Understanding Layout Algorithms by Josh Comeau

“Flow is all about creating document-style layouts, and I have yet to see word-processing software that allows elements to overlap.

God, the kids these days say the silliest things or have such limited exposure before they’re willing to go out on a limb. Falls into the category of “technically true”. He’s never seen word-processing software that lets elements overlap, but he’s apparently only ever used super-weak-ass word-processing software—probably cloud versions of formerly powerful editors. Microsoft Word, for example, easily allows elements to overlap.

“The Flow layout algorithm is treating this image as if it was a character in a paragraph, and adding a bit of space below to ensure it isn’t uncomfortably close to the characters on the (theoretical) next line of text. So it’s not margin, or padding, or border… it’s the bit of intrinsic space that Flow layout applies to inline elements, the space typically manipulated with the line-height CSS property!
“There are a lot of layout algorithms in CSS, and they all have their own quirks and hidden mechanisms. When we focus on CSS properties, we’re only seeing the tip of the iceberg. We never learn about really important concepts like stacking contexts or containing blocks or cascade origins!

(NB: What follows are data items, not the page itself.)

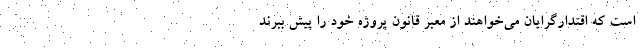
است که اقتدارگرایان می‌خواهند از معبر قانون پروژه خود را پیش ببرند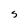
Character: s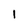
Character: 1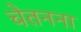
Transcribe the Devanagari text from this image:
चेतनना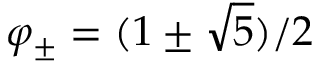
\varphi _ { \pm } = ( 1 \pm { \sqrt { 5 } } ) / 2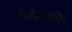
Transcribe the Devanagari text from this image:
सर्वयापी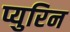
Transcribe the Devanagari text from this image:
प्युरिन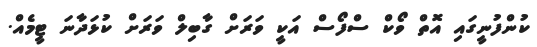
ކުންފުނީގައި އޮތް ވޯކް ސްފޯސް އަކީ ވަރަށް ގާބިލް ވަރަށް ކުޅަދާނަ ޓީމެއް.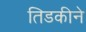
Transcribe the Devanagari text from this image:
तिडकीने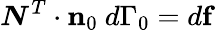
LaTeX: {\boldsymbol{N}}^{T}\cdot\mathbf{n}_{0}~d\Gamma_{0}=d\mathbf{f}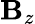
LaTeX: \mathbf{B}_{z}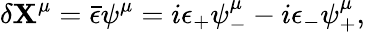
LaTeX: \delta\mathbf{X}^{\mu}=\bar{{\epsilon}}\psi^{\mu}=i\epsilon_{+}\psi_{-}^{\mu}-i\epsilon_{-}\psi_{+}^{\mu},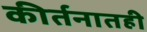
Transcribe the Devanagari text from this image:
कीर्तनातही

Tweaking In The Browser by Ahmad Shadeed

This is an interesting article, but he forgets to consider why someone might be designing directly in CSS: they don’t know how to use any design tools. It’s all well and good that he is extremely well-versed in Figma and feels much faster in that. But if you’re terrible at actual design tools, then you’re not slower in CSS/HTML. You might very well be much slower than Shadeed, but that’s not going to change until you learn a design tool like Figma.

Another reason why people design in the browser is that it used to be much harder to reproduce the output of a design tool in CSS. It made less sense to design something that could never be represented anyway, so you just built it directly in HTML/CSS, where your design was limited by the ability of the tool—but it was going to be anyway because you can’t release a Figma file as your UI.

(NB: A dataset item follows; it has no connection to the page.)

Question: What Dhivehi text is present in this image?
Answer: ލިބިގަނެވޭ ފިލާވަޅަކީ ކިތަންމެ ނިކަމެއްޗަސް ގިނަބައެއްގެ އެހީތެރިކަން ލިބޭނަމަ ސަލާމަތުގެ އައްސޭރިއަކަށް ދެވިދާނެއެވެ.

His point is well-taken, though, that if you do know a design tool, then you should use that to design your interface without limiting your vision by how well or efficiently it can be represented in the solution space (the browser). That’s always a good idea. Come up with the solution or design first, then figure out how to implement it. If it’s too hard to implement or would be too inefficient or unmaintainable, then return to the design with this information in hand and see whether the design can be adjusted without compromising its vision.

It’s always a bad idea to come up with solutions based on what’s possible rather than what’s desirable. You limit the possibility of finding something really interesting and new and better rather than just building what’s already been built many times before.